# HOW TO COMPLETE THIS TASK
Give back all of the data exactly as it stands, with the pictures removed.
=== Begin Enclosure ===
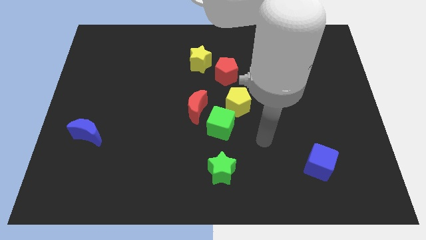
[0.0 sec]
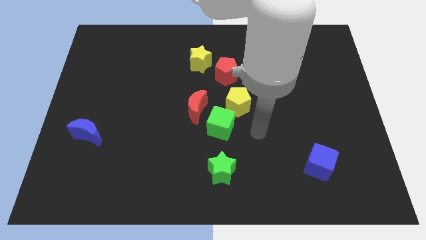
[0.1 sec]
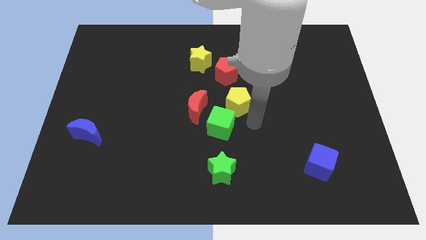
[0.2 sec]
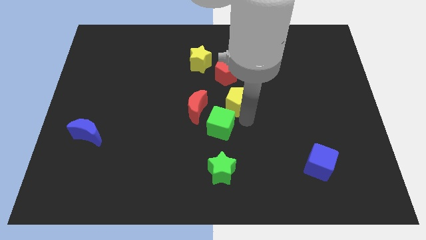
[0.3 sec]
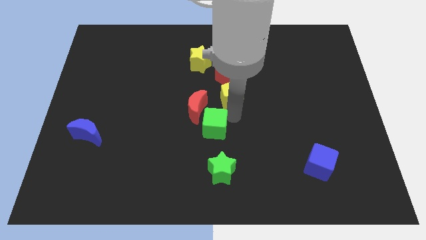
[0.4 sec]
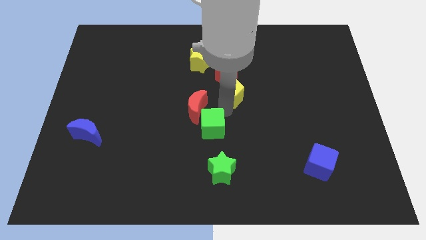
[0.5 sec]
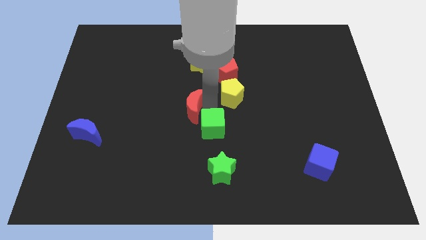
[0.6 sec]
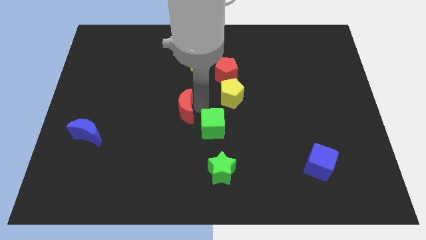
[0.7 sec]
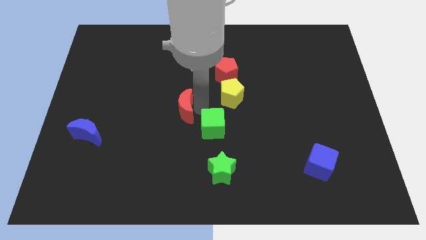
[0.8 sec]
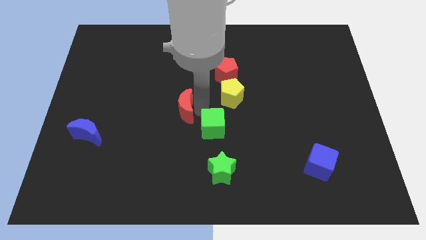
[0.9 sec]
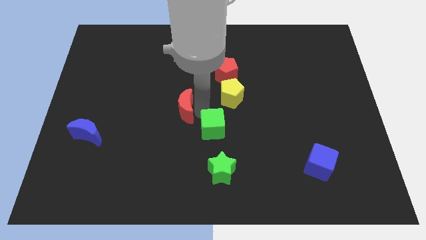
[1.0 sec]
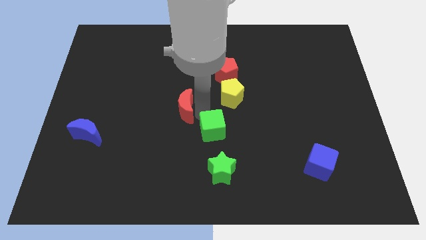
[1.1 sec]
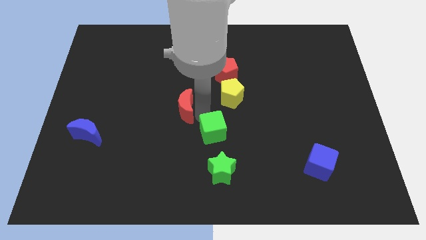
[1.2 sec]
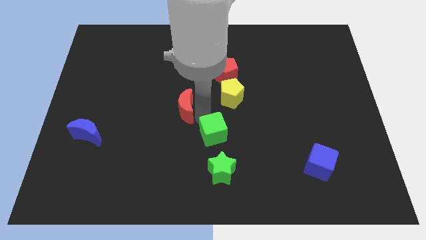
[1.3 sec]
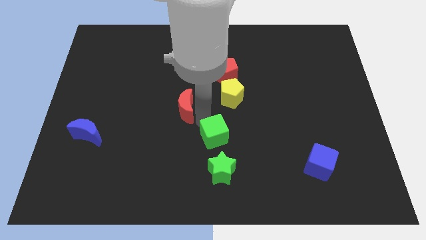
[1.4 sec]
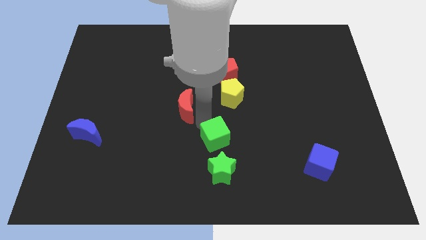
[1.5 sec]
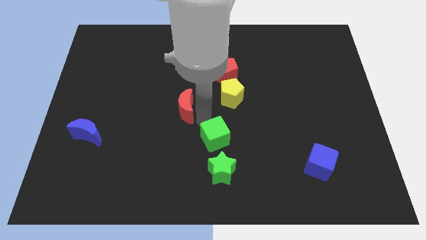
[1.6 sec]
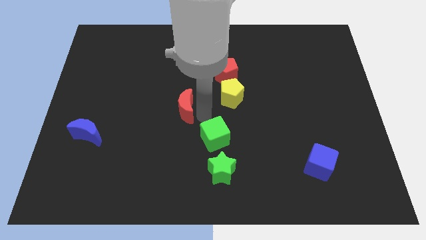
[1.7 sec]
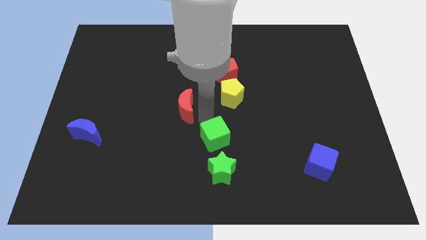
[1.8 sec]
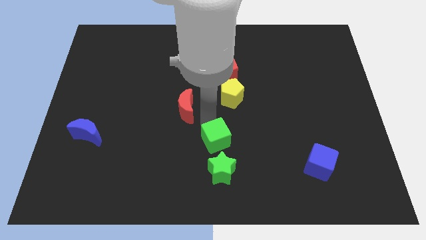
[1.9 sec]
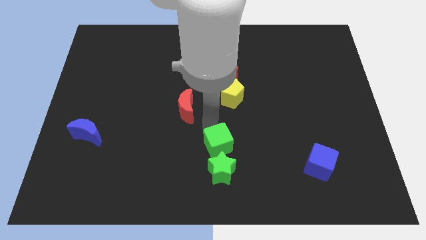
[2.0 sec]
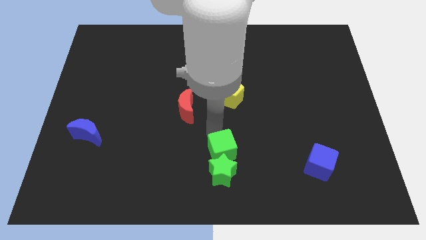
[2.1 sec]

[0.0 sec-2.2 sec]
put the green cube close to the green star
=== End Enclosure ===
# ANSWER SPACE
[0.0 sec]
[0.1 sec]
[0.2 sec]
[0.3 sec]
[0.4 sec]
[0.5 sec]
[0.6 sec]
[0.7 sec]
[0.8 sec]
[0.9 sec]
[1.0 sec]
[1.1 sec]
[1.2 sec]
[1.3 sec]
[1.4 sec]
[1.5 sec]
[1.6 sec]
[1.7 sec]
[1.8 sec]
[1.9 sec]
[2.0 sec]
[2.1 sec]

[0.0 sec-2.2 sec]
put the green cube close to the green star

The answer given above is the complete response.